Friday, January 30, 2009

Grr!

Ok. I'm sure all of u have gotten one of those times when u just feel like killing ur mom yes? Well, I got another one from mine yday.

I went to my teacher's hse together with my friends and they suggested we go 2 jusco. So yea i agreed, but i didnt tell my mom. So when she came to pick me up in jusco, her face was so black i thought she got burnt. "Who said u could go to jusco in the first place? You know how much i hate to come to jusco during holidays!" Then she goes on for another few minutes sayin the same sentences. Then she ends with. "I don't like u to always hang out in jusco, dont u have a home?! I want u to end up like ur cousin" [my cousin's this girl who literally turned from a nice girl to a s-l-u-t. I'm not shitting u] and just because THAT person always hangs in jusco, my mom thinks that i'll become one just cause i went to jusco w/o tellin her =.=

Then my mo's like all ok until my dad got home. Then she tells him bout the BIG crime i commited. Then she like turned to me and asked.

"Who did u go with? You went with ur boyfriend didnt u?"

That really pissed me off. If she werent my mom i would've swore. "NO. Wth. I went with my friends.." [then i start to mention theire names] then i just walk off.

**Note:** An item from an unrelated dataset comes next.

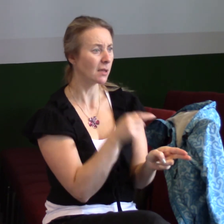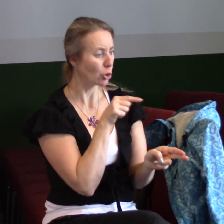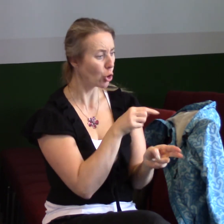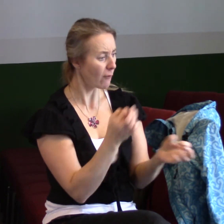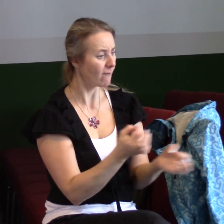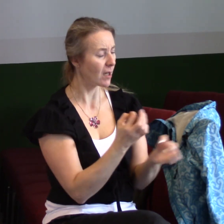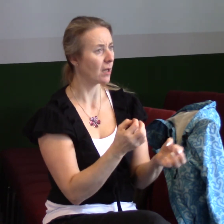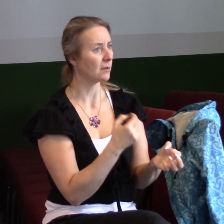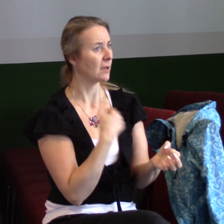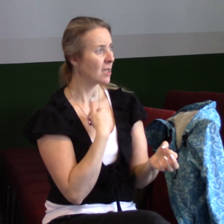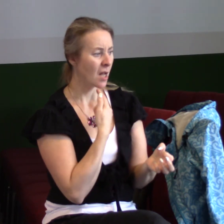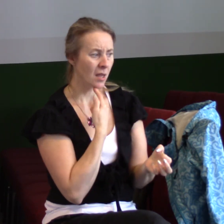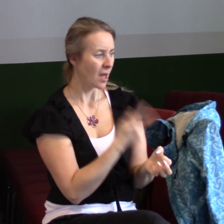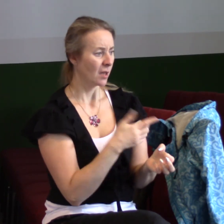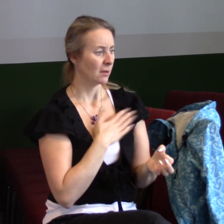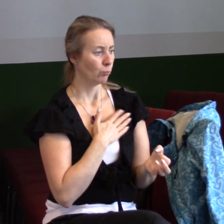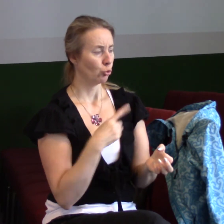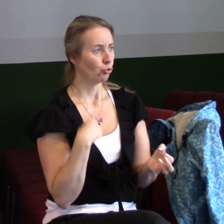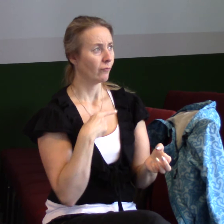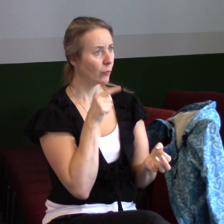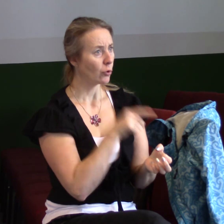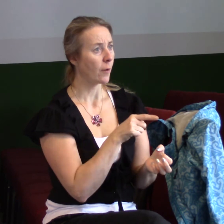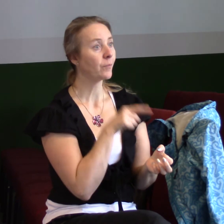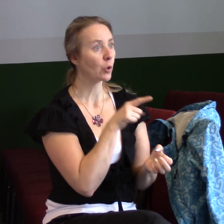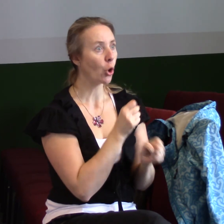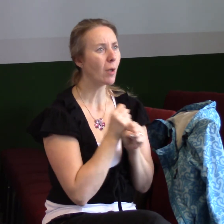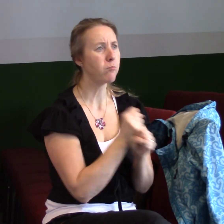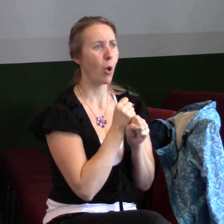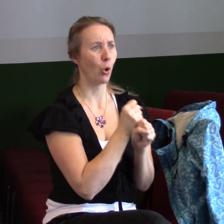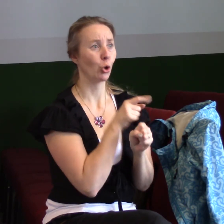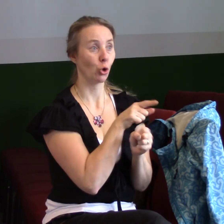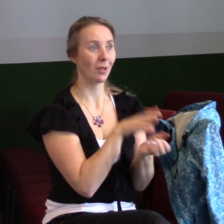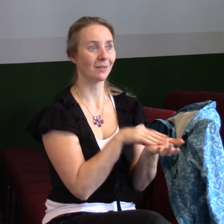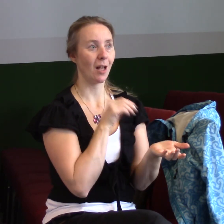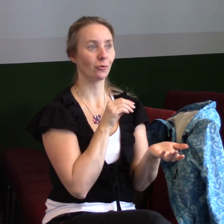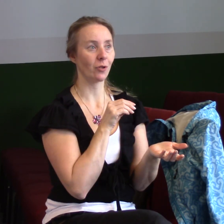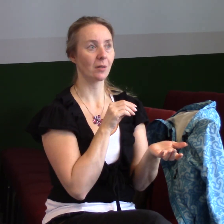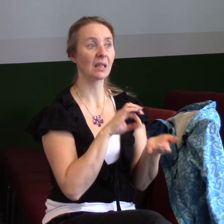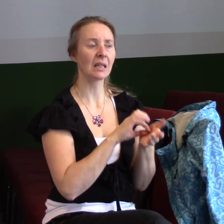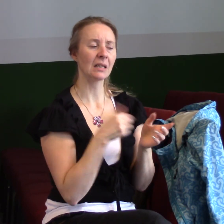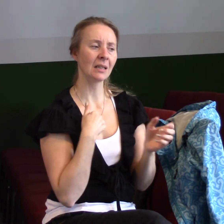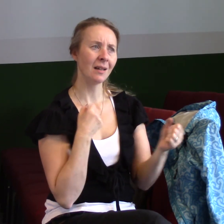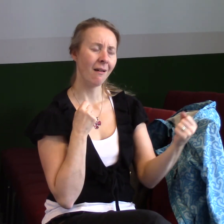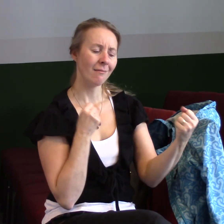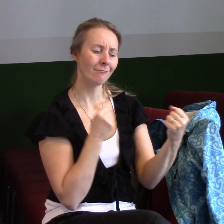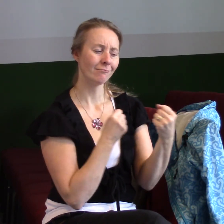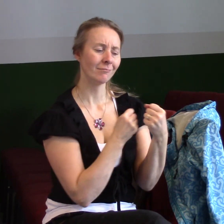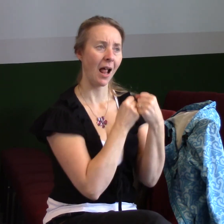já nechci, aby tohle bylo v mém životě. Víte, a to je ten boj, to je začátek toho, kdy se tlačíme ke Kristu. Jestli si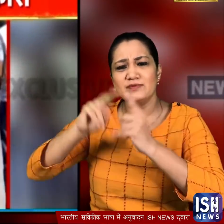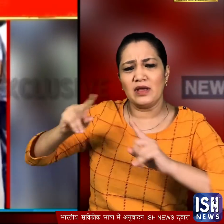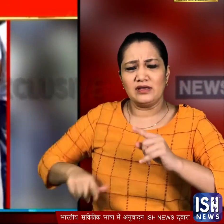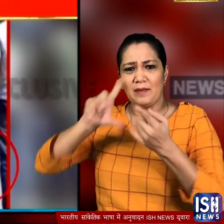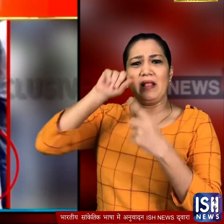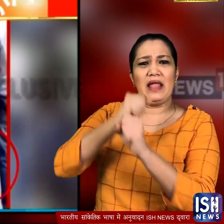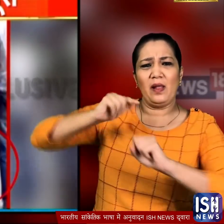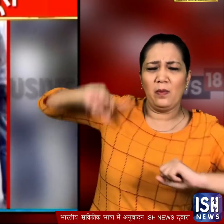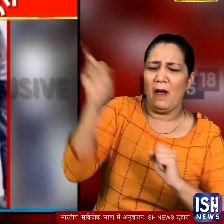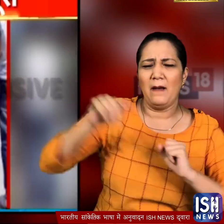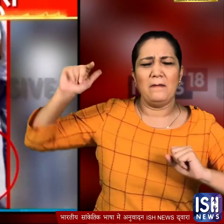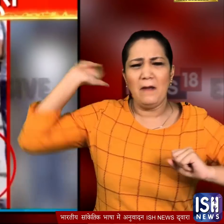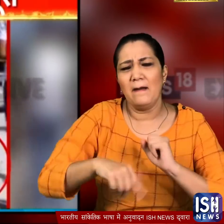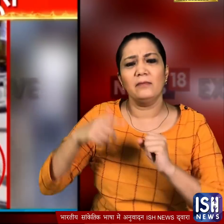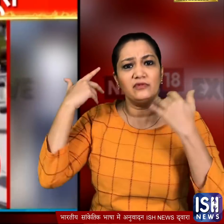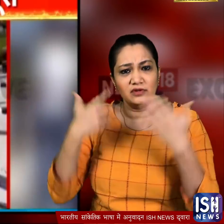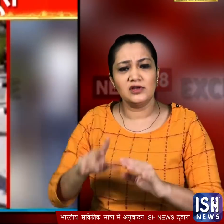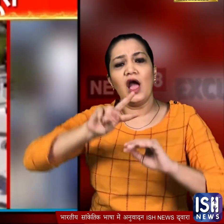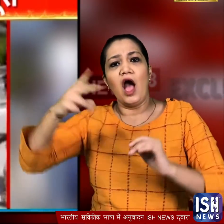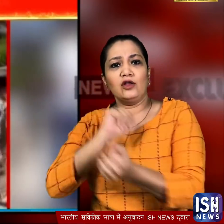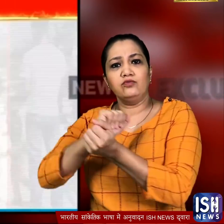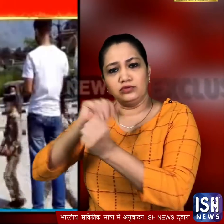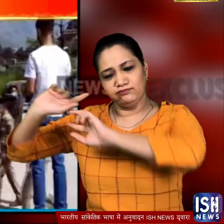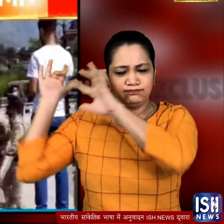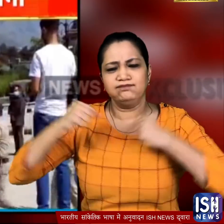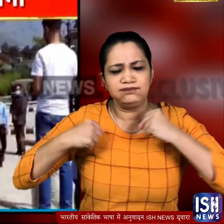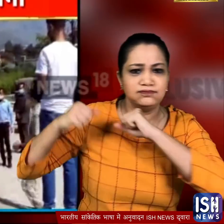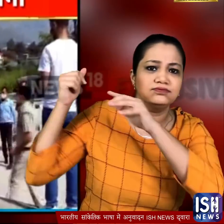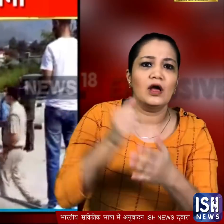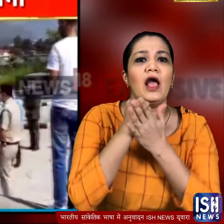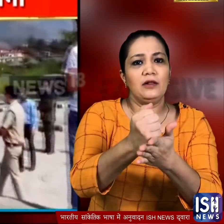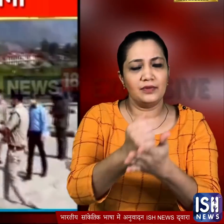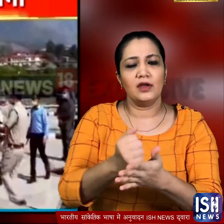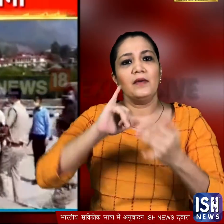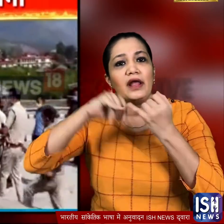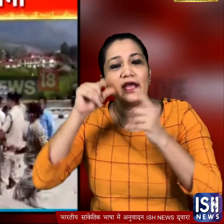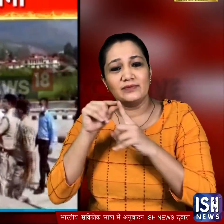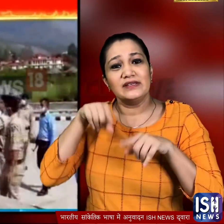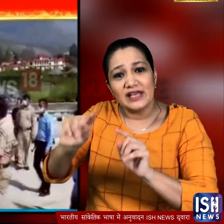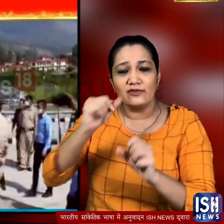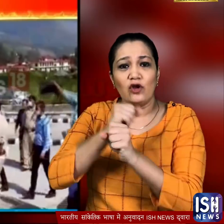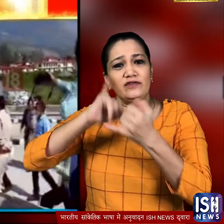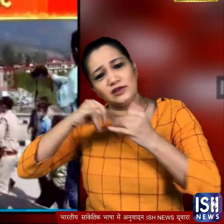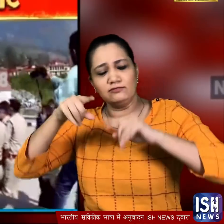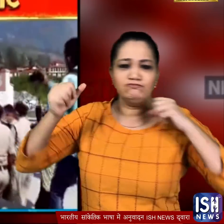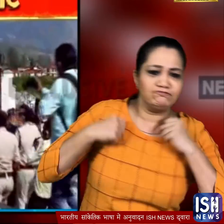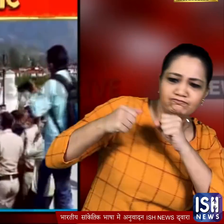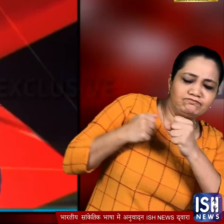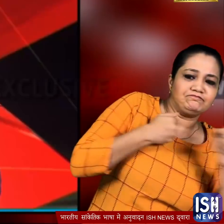से मारना शुरू कर दिया तभी खाकी वर्दी में कुछ और पुलिस अधिकारी भी दोड़ते हुए पहुँचे लेकिन एसपी गौरव सिंग खुद भागते हुए दूर चले गए यह पूरी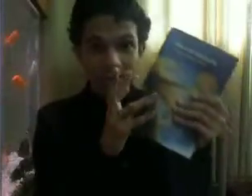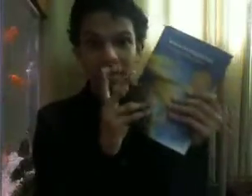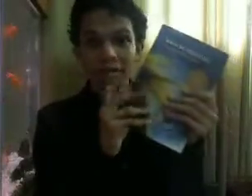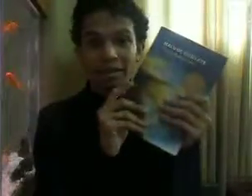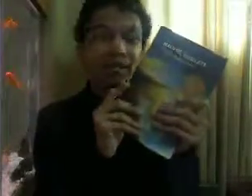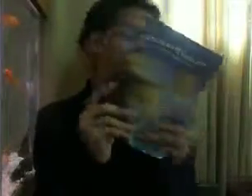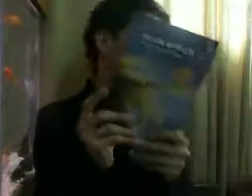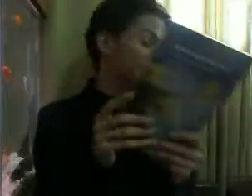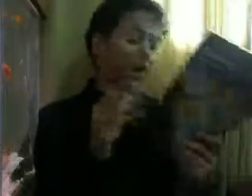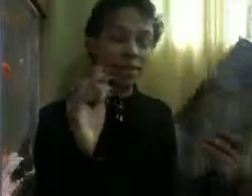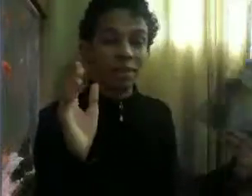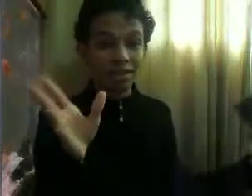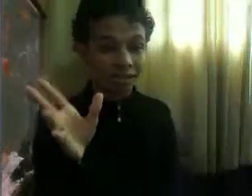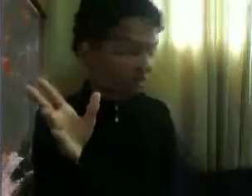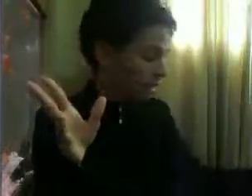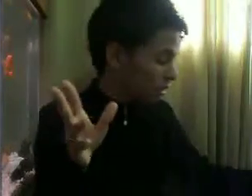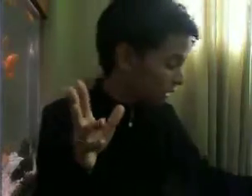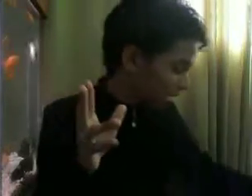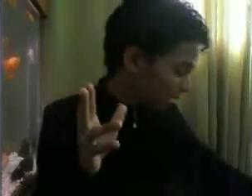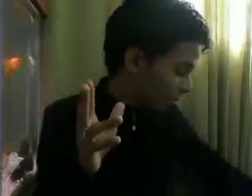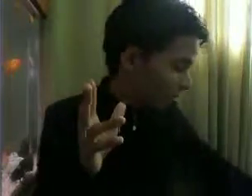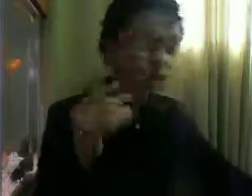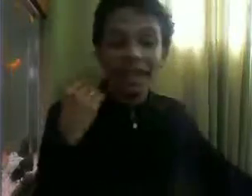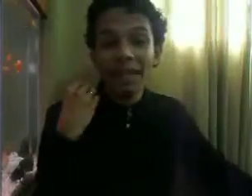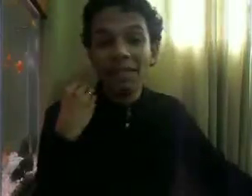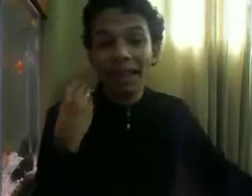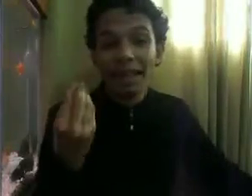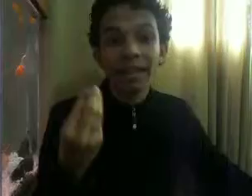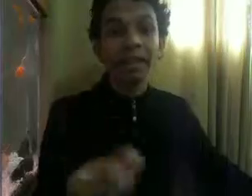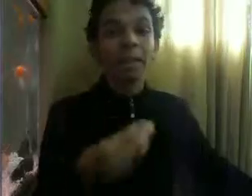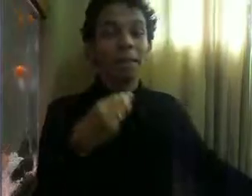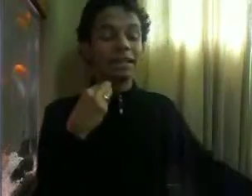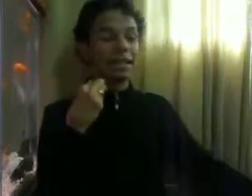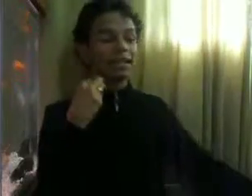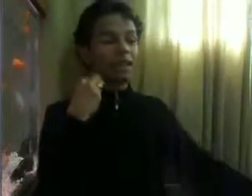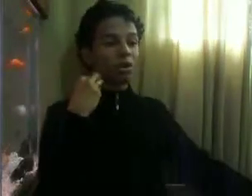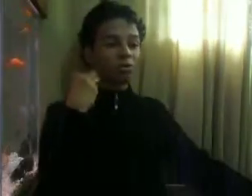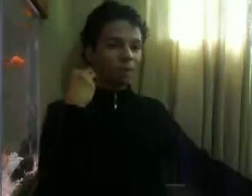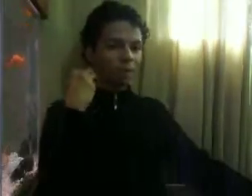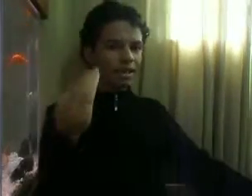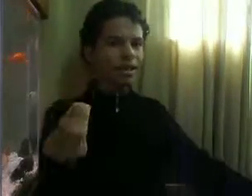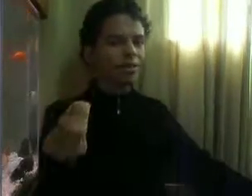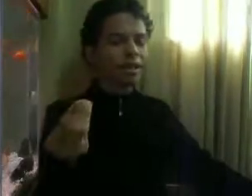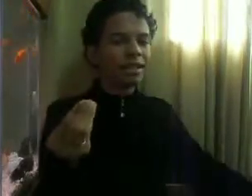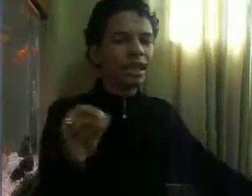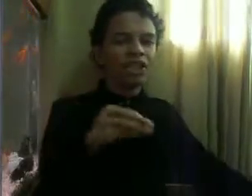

What the fuck man. Yes i'm wrong for not telling her i was goin to jusco but how could she accuse me of smth like that? Did she honestly think i'd go to jj w/o tellin her just to go meet my boyfriend?[which i dnt have btw] COME ON MOM I'M NOT LIKE THAT U'VE KNOWN ME FOR 15 YEARS.

UGH!!!

But -sigh- no matter what. She's still my mom. And i guess i still love her...
But i didnt say i forgive her yet ;P

Sunday, January 25, 2009

Happy Chinese New Year

Happy Chinese New Year to all my friends who r celebrating this festival
:)

Potential journal entry =P

Hello again. Yes i am back =D

lol
first of all i'd like to thank the ppl who became my followers and for the comments for my poem.
I LOVE U ALL!
*ahem* y-ea.

anyway in this blog i thought i'd just tell u whats goin on in my life so far.
*Mr Raj this may go into my journal =P*

hmm..lets see..

So far as u can see i've gotten 2 followers and i am totally and utterly grateful.
I've been taking facebook's mini quizzes again. Its weird how ppl can think of so many types of quizzes. E.g. What kind of smile do u hv, what do ppl see in ur eyes, what fruit r u. These r few of the more sane ones. Some weird ones include what drug r u and theres even one that tell u how fucked up u are.
Amazing aint it? Maybe I should make one..hehe..oh wait i think i did..lol

anyway putting that aside uh..i guess i'll just crap out what comes into my brain =)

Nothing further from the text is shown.